Maternal Cigarette Smoking during Pregnancy and the Mn–Cd Interaction on Child SBP

The median maternal Cd concentration in mothers who smoked during pregnancy [median (IQR): 1.41 (0.93–2.37) $\mathrm{\mu }\mathrm{g}/\mathrm{L}$; $n=108$] was more than twice the median concentration in mothers who never smoked or who quit smoking before pregnancy [median (IQR): 0.65 (0.43–0.96) $\mathrm{\mu }\mathrm{g}/\mathrm{L}$; $n=\mathrm{1,086}$] ($p<0.001$). The association of Mn and child SBP percentiles differed by maternal smoking status during pregnancy ($p\text{-interaction}=0.08$) (Table 4). In the multivariable linear regression models, a doubling of Mn levels was associated with a 10.09-point reduction in SBP percentile (95% CI: −18.03, −2.15) among mothers who smoked cigarettes during pregnancy; there was no association of Mn with child SBP percentiles among mothers who did not smoke cigarettes during pregnancy ($-1.49$, 95% CI: $-4.21$, 1.24 for a doubling of exposure). BKMR confirmed an inverse association of Mn and child SBP percentiles in mothers who smoked during pregnancy and a lack of association in mothers who did not smoke (Figure 4). Despite the inverse association of Mn and SBP percentiles, children whose mothers smoked cigarettes during pregnancy still had higher SBP percentiles at all Mn concentrations compared with children whose mothers did not smoke. The associations of Pb, Hg, Cd, and Se with child SBP percentiles did not significantly differ by maternal smoking status during pregnancy ($p\text{-interactions}>0.1$) (Table 4). Results from the BKMR models were consistent with corresponding estimates from the linear regression models (Figure S11).

Table 4.

Associations of maternal lead, mercury, cadmium, selenium, and manganese concentrations with child systolic blood pressure percentile by maternal cigarette smoking during pregnancy estimated using linear regression models ($n=\mathrm{1,194}$).

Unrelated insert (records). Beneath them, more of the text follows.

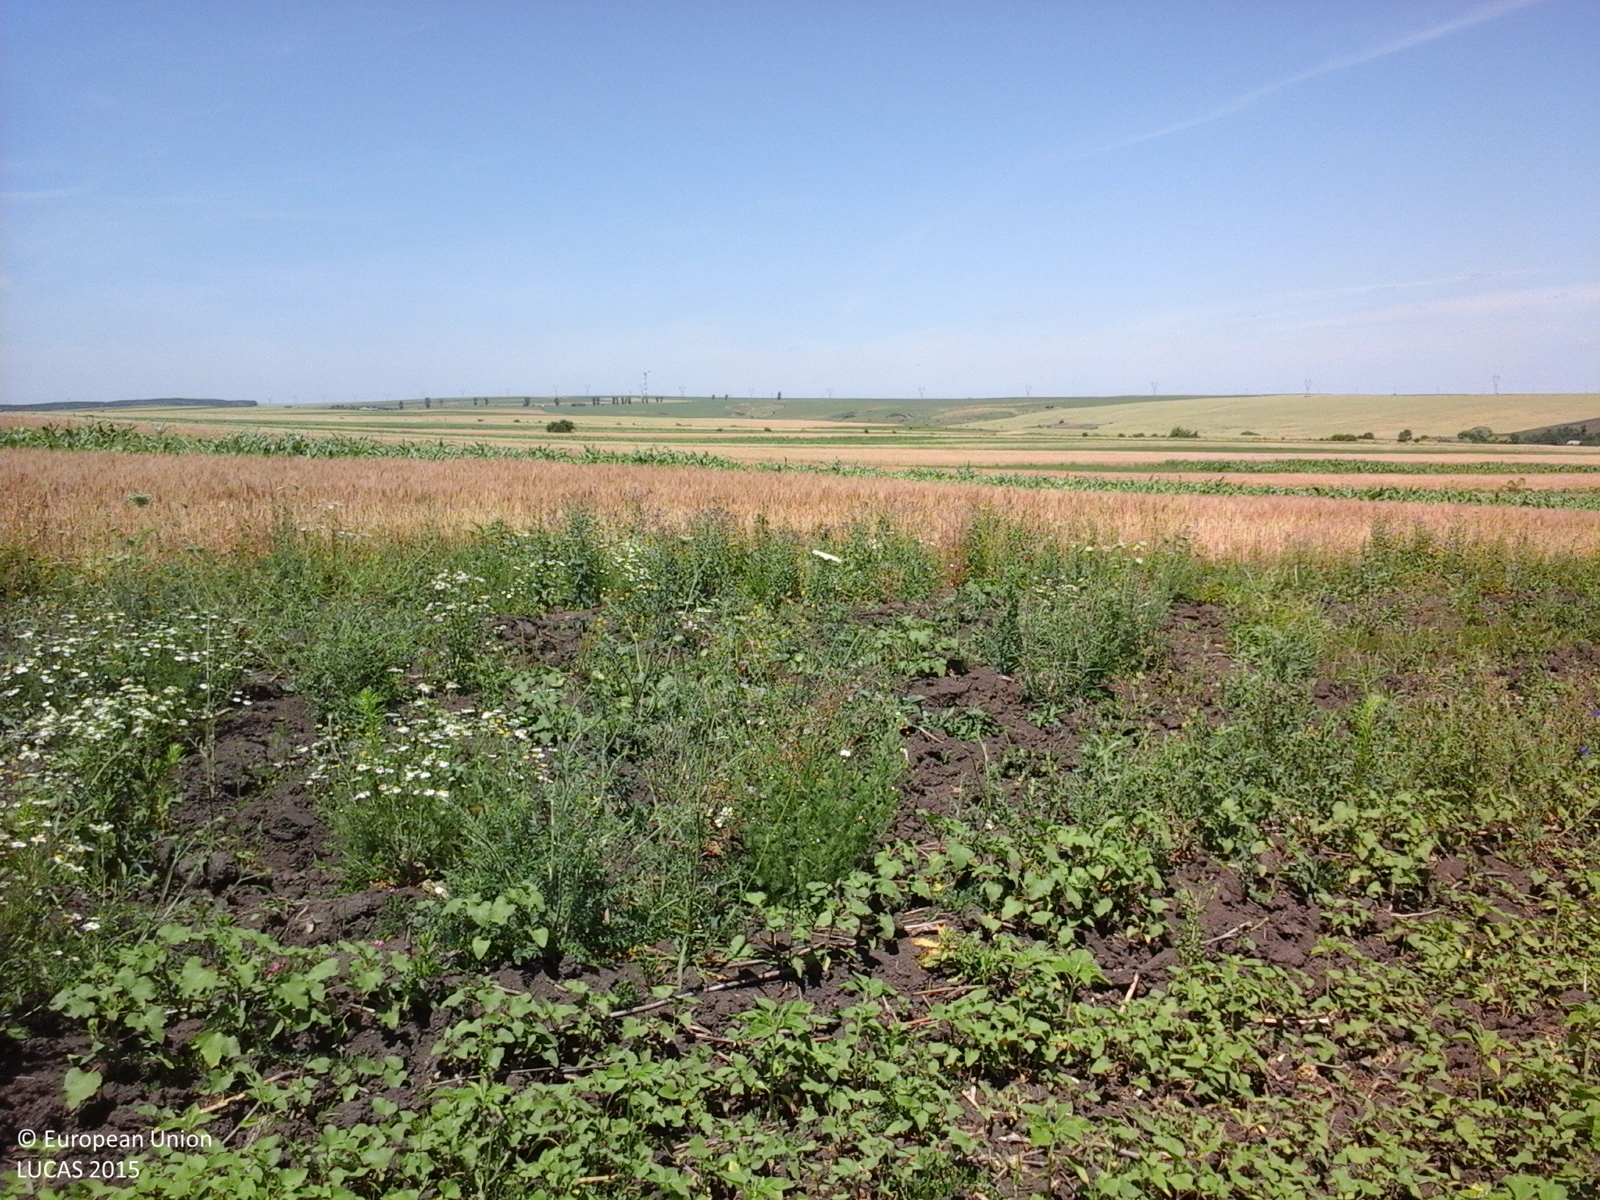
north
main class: Cropland
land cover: Sunflower
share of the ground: > 75 %
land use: Agriculture (excluding fallow land and kitchen gardens)
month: June
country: RO
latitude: 47.2522
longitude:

Metals and trace elements	Groupsa	$n$	Difference (95% CI) in child systolic blood pressure percentile per doubling of metal or trace element levelsb	p-interactions
Lead ($\mathrm{\mu }\mathrm{g}/\text{dL}$)	Did not smoke	1,086	0.61 ($-1.16$, 2.37)	0.11
	Smoked	108	$-3.09$ ($-10.43$, 4.26)
Mercury ($\mathrm{\mu }\mathrm{g}/\mathrm{L}$)	Did not smoke	1,086	0.07 ($-1.08$, 1.22)	0.18
	Smoked	108	$-0.04$ ($-4.42$, 4.34)
Cadmium ($\mathrm{\mu }\mathrm{g}/\mathrm{L}$)	Did not smoke	1,086	$-0.44$ ($-2.19$, 1.31)	0.33
	Smoked	108	2.98 ($-3.05$, 9.00)
Selenium ($\mathrm{\mu }\mathrm{g}/\mathrm{L}$)	Did not smoke	1,086	$-5.69$ ($-11.14$, $-0.24$)	0.13
	Smoked	108	$-14.28$ ($-35.82$, 7.26)
Manganese ($\mathrm{\mu }\mathrm{g}/\mathrm{L}$)	Did not smoke	1,086	$-1.49$ ($-4.21$, 1.24)	0.08
	Smoked	108	$-10.09$ ($-18.03$, $-2.15$)

Note: CI, confidence interval.

^aMaternal cigarette smoking during pregnancy was dichotomized as smoked vs. did not smoke, with mothers who never smoked and those who quit smoking before pregnancy combined into a single category.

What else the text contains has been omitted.